Job-Ready Portfolio Project: Build a Full-Stack Agent That Books Travel Using Qwen
Build a job-ready portfolio project: a full-stack travel agent using Qwen for agentic orchestration—includes repo checklist, demo script, and interview tips.
Ship a Job-Ready Portfolio Project: Full-Stack Travel Agent Using Qwen
Hook: You're competing for senior dev roles and need a single portfolio project that demonstrates system design, API integration, agentic AI, and production-ready practices. Build a full-stack travel booking agent that searches, books, and confirms trips using Qwen for agent logic—complete with a deployable app, tests, and a demo script recruiters can run in 5 minutes.
Why this project matters in 2026
Through late 2025 and into 2026, agentic AI—models that take multi-step, real-world actions—moved from research demos to production integrations. Alibaba's upgrades to Qwen added agentic capabilities for tasks like ordering food and booking travel (Jan 2025–2026 announcements). Employers now expect practical experience composing LLM-based agents that interact with APIs, manage state, and handle failure modes. This project hits the intersection of product thinking and engineering rigor: it shows you can design an agent, integrate third-party services, and deliver a reliable product.

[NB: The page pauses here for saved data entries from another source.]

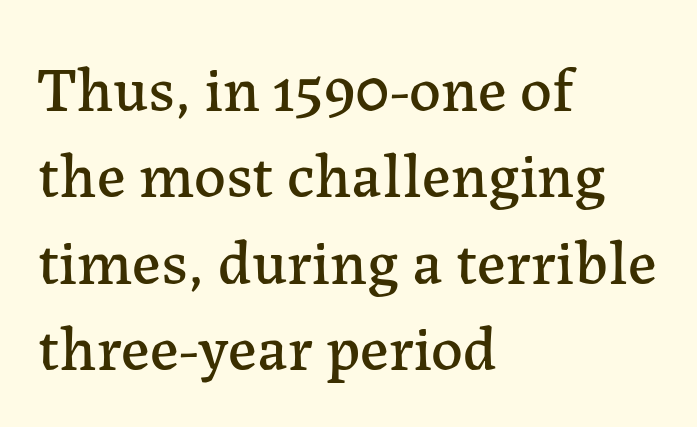
The image shows 63 px serif type, upright; set left-aligned, normal line spacing (1.37x), normal letter spacing, not underlined; low stroke contrast and a medium x-height.
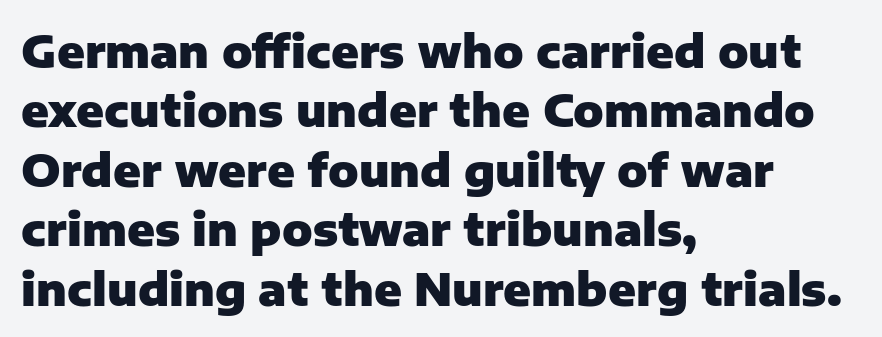
Q: Is the text bold? A: Yes.
Q: Is the text italic (slanted)? A: No, it is upright.
Q: Is the typeface a serif or a sans-serif typeface? A: Sans-serif.
Q: Is the text underlined? A: No.
Q: How is the paragraph aligned? A: Left-aligned.
Q: Is the spacing between letters normal or unusually wide? A: Normal.
Q: Is the spacing between lines tight, normal or loose? A: Normal.
Q: Width (condensed, normal, or wide)? A: Normal.
Q: Stroke contrast? A: Low.
Q: x-height? A: Medium.
Q: Monospaced? A: No.
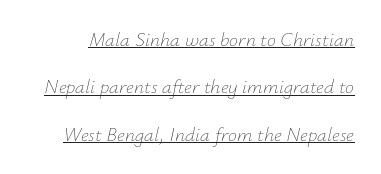
The image shows 20 px text type, italic (leaning right); set loose line spacing (2.37x), normal letter spacing, underlined.
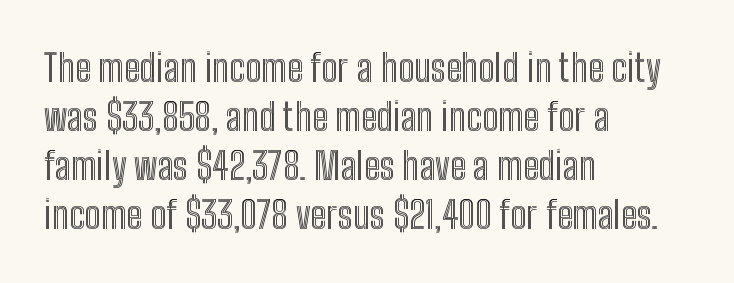
Tracking here is standard; glyphs follow each other at the usual distance. This sample is left-justified, so line endings fall wherever the words run out. Italic? Not at all — the glyphs are vertical. A typesetter would call this leading conventional body-copy spacing.
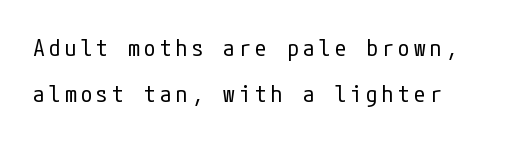
Airy leading. Unmarked baselines from the first word to the last. The characters are drawn with everyday or finer stroke widths. Upright lettering throughout.
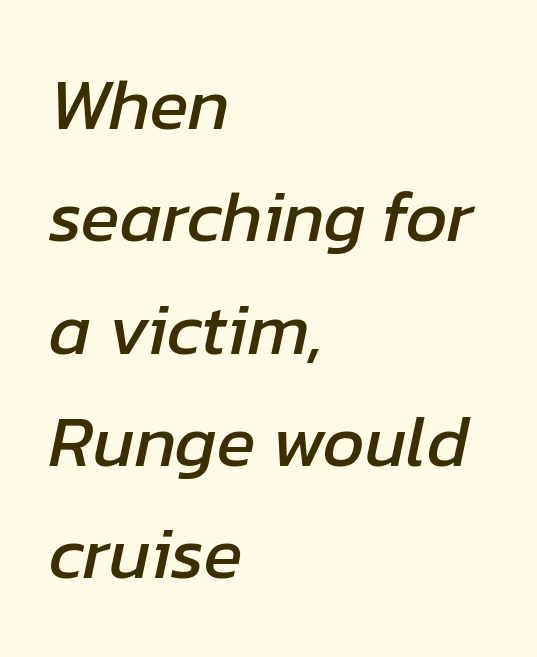
{"italic": "yes", "lean": "right", "slant_degrees": 12, "width": "normal", "stroke_contrast": "low", "x_height": "medium", "monospaced": "no", "underline": "no", "align": "left", "line_spacing": "normal", "line_spacing_ratio": 1.56, "letter_spacing": "normal", "letter_spacing_em": 0.0, "glyph_px": 72}
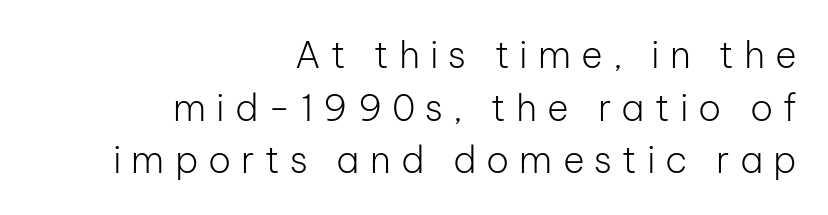
Q: Is the text bold? A: No.
Q: Is the text italic (slanted)? A: No, it is upright.
Q: Is the typeface a serif or a sans-serif typeface? A: Sans-serif.
Q: Is the text underlined? A: No.
Q: How is the paragraph aligned? A: Right-aligned.
Q: Is the spacing between letters normal or unusually wide? A: Unusually wide.
Q: Is the spacing between lines tight, normal or loose? A: Normal.
Q: Width (condensed, normal, or wide)? A: Normal.
Q: Stroke contrast? A: Low.
Q: x-height? A: Medium.
Q: Monospaced? A: No.
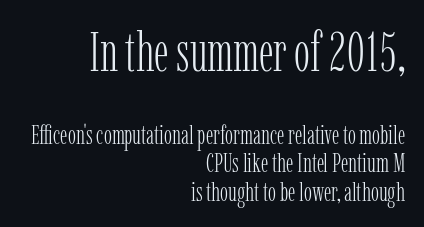
The image shows 54 px light, condensed serif type, upright; set right-aligned, tight line spacing (1.04x), normal letter spacing, not underlined; the first (top) block is 2.0x larger; low stroke contrast and a medium x-height.
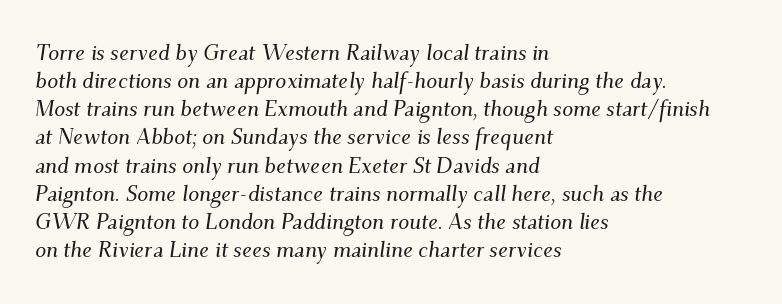
The gap between lines stays unmarked. These lines sit exactly where default settings would place them. The compositor pushed each line to the left boundary. The rendering keeps characters at their native spacing.
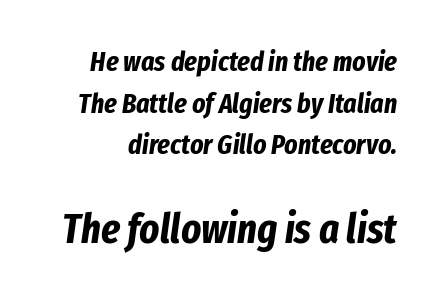
The more generous point size was reserved for the lower chunk. Set as a true bold cut, around the 700 mark. The space beneath each line is pristine and unruled. Line spacing here is normal. Does extra space separate the letters? No, they use regular spacing. Emphasis-style slanted type is in use.
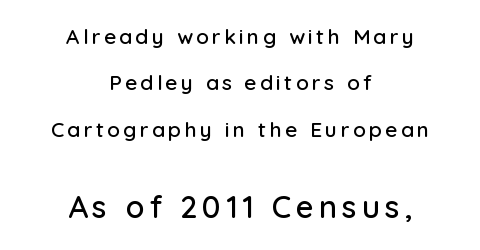
The image shows 31 px sans-serif type, upright; set centered, loose line spacing (2.21x), not underlined; the second (bottom) block is 1.48x larger; low stroke contrast and a medium x-height.
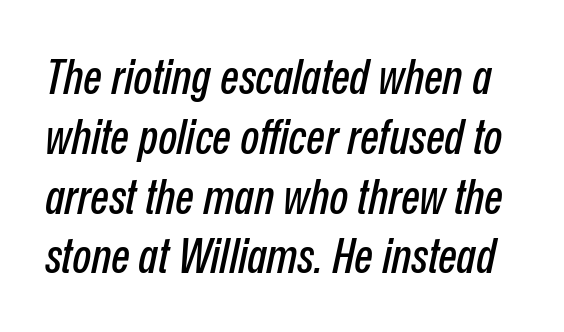
Q: Is the text italic (slanted)? A: Yes, it leans right by about 12 degrees.
Q: Is the text underlined? A: No.
Q: Is the spacing between letters normal or unusually wide? A: Normal.
Q: Width (condensed, normal, or wide)? A: Condensed.
Q: Stroke contrast? A: Low.
Q: x-height? A: Medium.
Q: Monospaced? A: No.
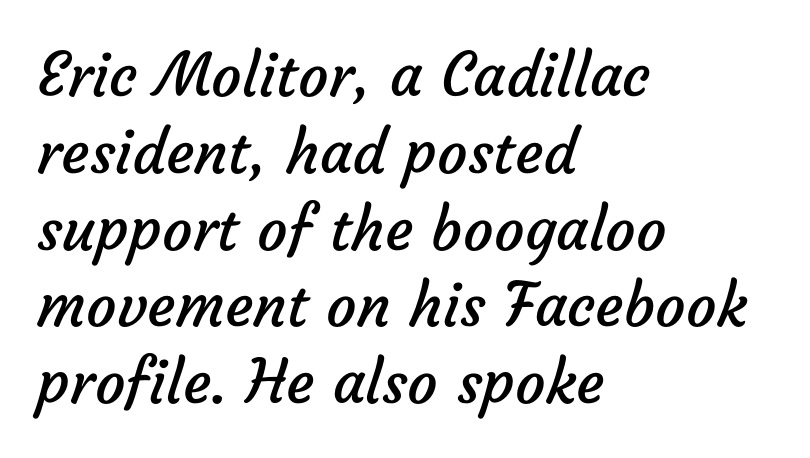
{"serif": "no", "bold": "no", "weight": "regular", "width": "normal", "stroke_contrast": "low", "x_height": "medium", "monospaced": "no", "underline": "no", "align": "left", "line_spacing": "normal", "line_spacing_ratio": 1.28, "letter_spacing": "normal", "letter_spacing_em": 0.0, "glyph_px": 60}
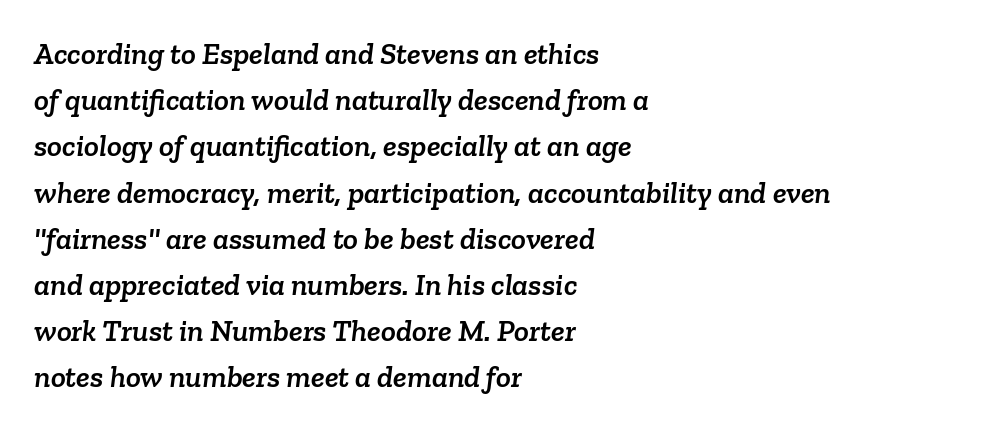
If you drew a ruler down the left edge, every line would touch it. Glyph-to-glyph distance matches everyday printed text. No word sits above an underline. The typeface chosen for these lines features serifs.
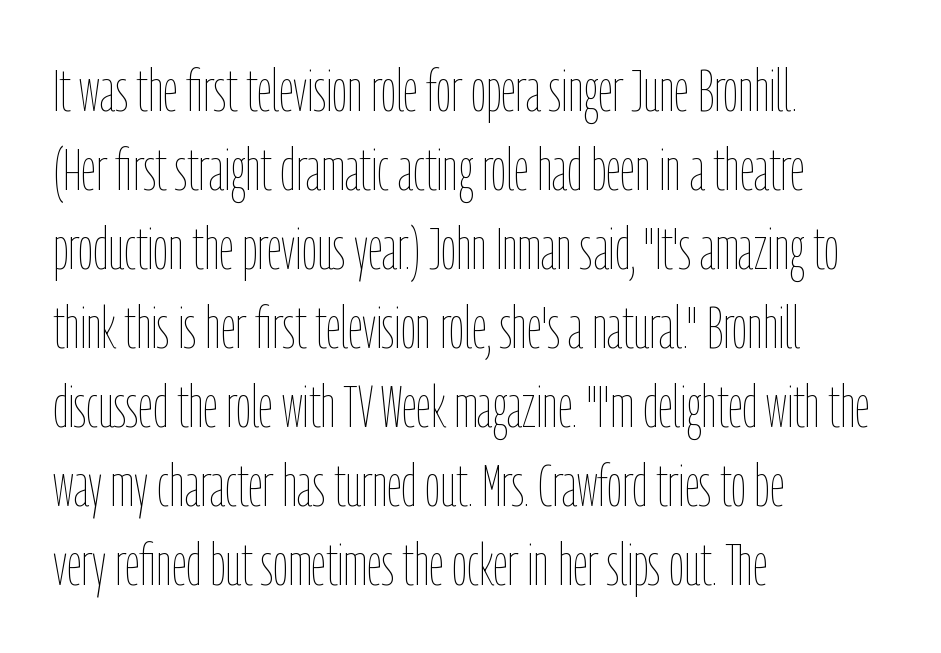
Q: Is the text bold? A: No.
Q: Is the text italic (slanted)? A: No, it is upright.
Q: Is the text underlined? A: No.
Q: How is the paragraph aligned? A: Left-aligned.
Q: Is the spacing between letters normal or unusually wide? A: Normal.
Q: Is the spacing between lines tight, normal or loose? A: Normal.
Q: Width (condensed, normal, or wide)? A: Condensed.
Q: Stroke contrast? A: Low.
Q: x-height? A: Medium.
Q: Monospaced? A: No.
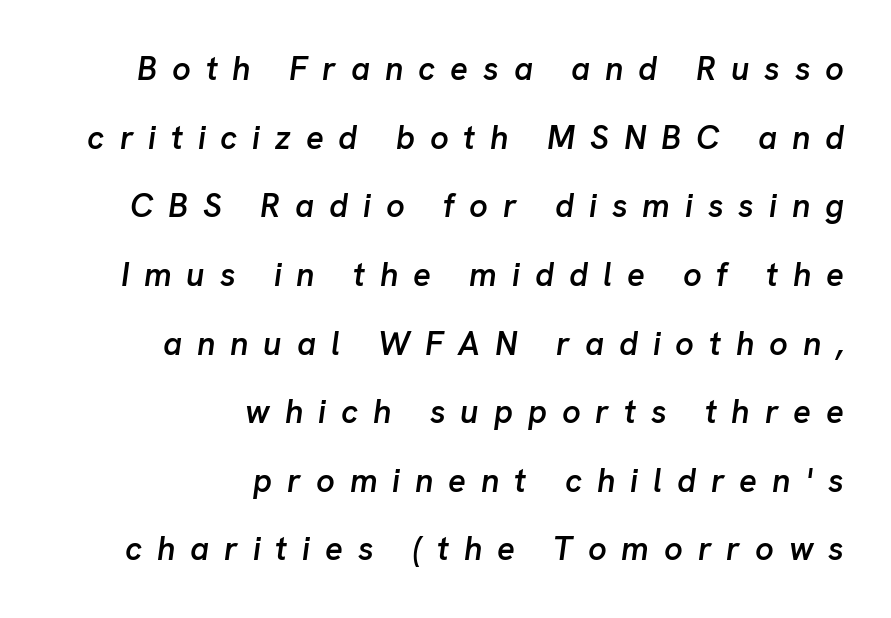
Q: Is the text bold? A: Semi-bold.
Q: Is the text italic (slanted)? A: Yes, it leans right by about 8 degrees.
Q: Is the text underlined? A: No.
Q: How is the paragraph aligned? A: Right-aligned.
Q: Is the spacing between letters normal or unusually wide? A: Unusually wide.
Q: Is the spacing between lines tight, normal or loose? A: Loose.
Q: Width (condensed, normal, or wide)? A: Normal.
Q: Stroke contrast? A: Low.
Q: x-height? A: Medium.
Q: Monospaced? A: No.
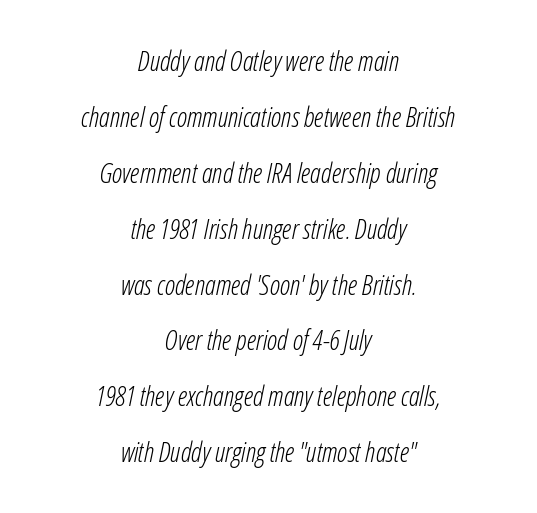
One glance says open: line gaps are wider than usual. Every row of glyphs is offset so its center matches the block's center. The space beneath each line is pristine and unruled. Italic? Definitely — the glyphs are oblique. These glyphs show unthickened strokes, regular width or finer.
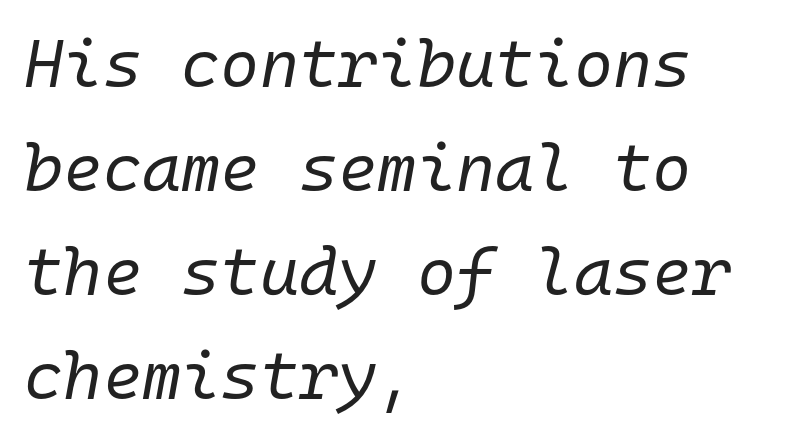
Think of a typewriter: that constant character pitch is what you see here. Any mark beneath the type? The region is blank. In terms of letterspacing, this is plain default setting. The space between consecutive lines is moderate. Weight: regular or lighter.
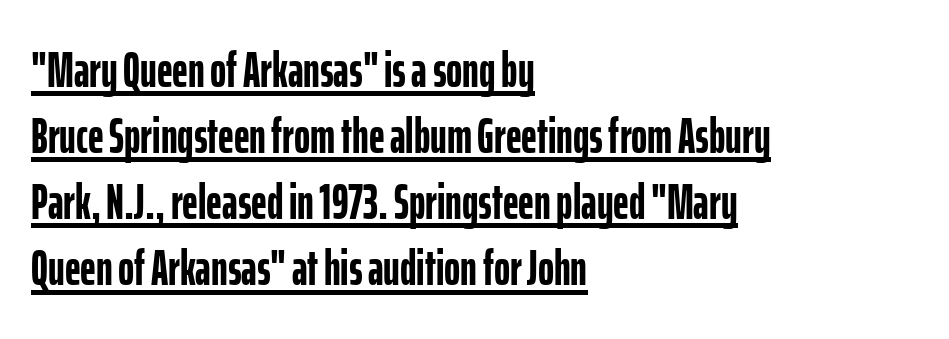
Q: Is the text bold? A: Yes.
Q: Is the text italic (slanted)? A: No, it is upright.
Q: Is the typeface a serif or a sans-serif typeface? A: Sans-serif.
Q: Is the text underlined? A: Yes.
Q: How is the paragraph aligned? A: Left-aligned.
Q: Is the spacing between letters normal or unusually wide? A: Normal.
Q: Is the spacing between lines tight, normal or loose? A: Normal.
Q: Width (condensed, normal, or wide)? A: Condensed.
Q: Stroke contrast? A: Low.
Q: x-height? A: Medium.
Q: Monospaced? A: No.
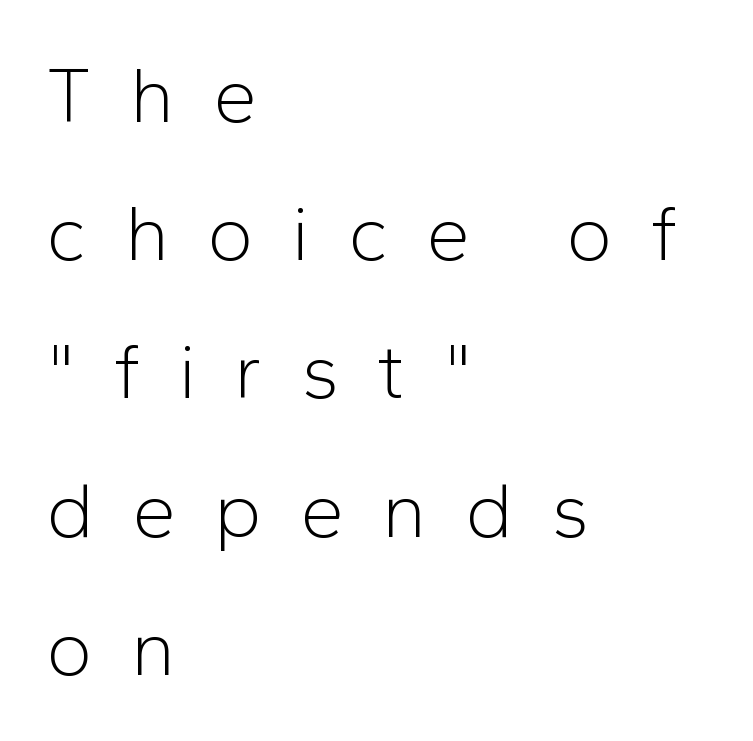
{"serif": "no", "italic": "no", "bold": "no", "weight": "light", "width": "normal", "stroke_contrast": "low", "x_height": "medium", "monospaced": "no", "underline": "no", "align": "left", "line_spacing_ratio": 1.75, "letter_spacing": "wide", "letter_spacing_em": 0.48, "glyph_px": 79}
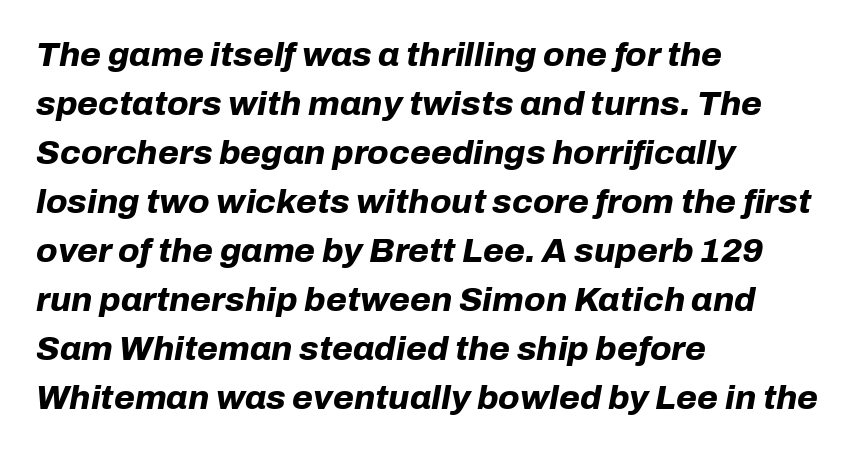
The image shows 34 px bold type, italic (leaning right); set left-aligned, normal line spacing (1.44x), normal letter spacing, not underlined; low stroke contrast and a medium x-height.
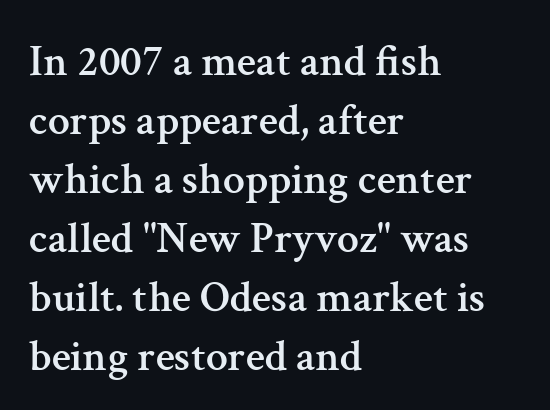
{"serif": "yes", "italic": "no", "width": "normal", "stroke_contrast": "medium", "x_height": "medium", "monospaced": "no", "underline": "no", "align": "left", "line_spacing": "normal", "line_spacing_ratio": 1.34, "letter_spacing": "normal", "letter_spacing_em": 0.0, "glyph_px": 44}
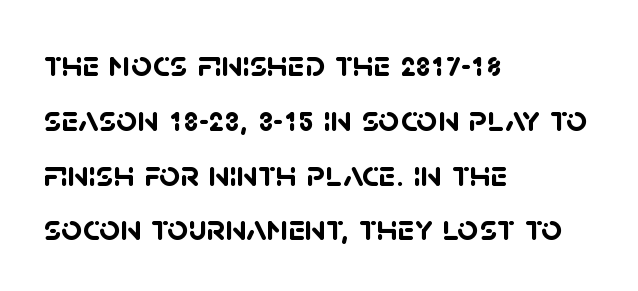
Compared with typical body copy, the letter spacing here is the same. Proportional: the letters do not fall into vertical columns. Serifs: no, the terminals of the letterforms are clean. Evenly set lines give the paragraph a standard silhouette. Strokes here are thick enough to call this a true bold.
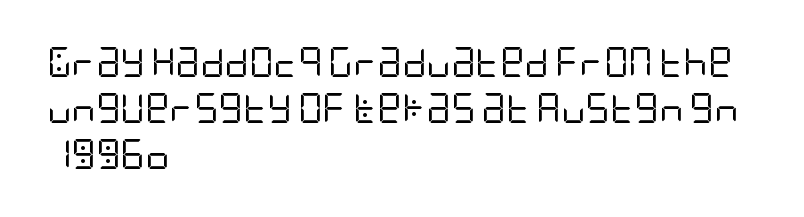
The image shows 30 px regular-weight, condensed sans-serif type, upright; set left-aligned, normal line spacing (1.54x), normal letter spacing, not underlined; low stroke contrast and a large x-height.
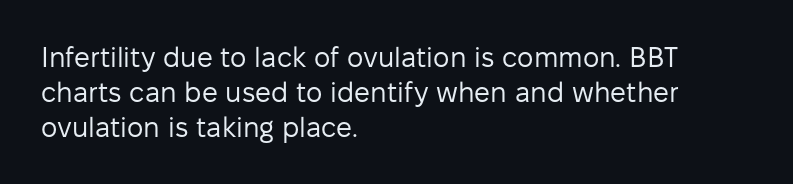
{"serif": "no", "italic": "no", "bold": "no", "weight": "regular", "width": "normal", "stroke_contrast": "low", "x_height": "medium", "monospaced": "no", "underline": "no", "align": "left", "line_spacing": "normal", "line_spacing_ratio": 1.25, "letter_spacing": "normal", "letter_spacing_em": 0.0, "glyph_px": 28}
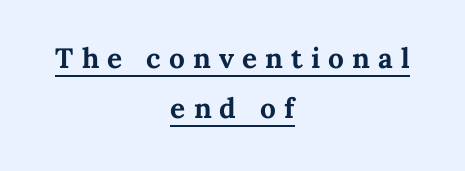
The image shows 28 px bold type, upright; set centered, line spacing 1.79x, unusually wide letter spacing (+0.29 em), underlined; medium stroke contrast and a medium x-height.

Project overview: goals and scope
Deliver a full-stack application that:
- Allows users to search flights and hotels, compare options, and place bookings.
- Uses Qwen for agent orchestration: plan search queries, call APIs, confirm details, and generate user-facing confirmations.
- Includes a secure backend, database persistence, automated tests, CI/CD, and a one-click demo deploy.
Minimum Viable Features (MVP)
- Search flights and hotels (mock or real provider API)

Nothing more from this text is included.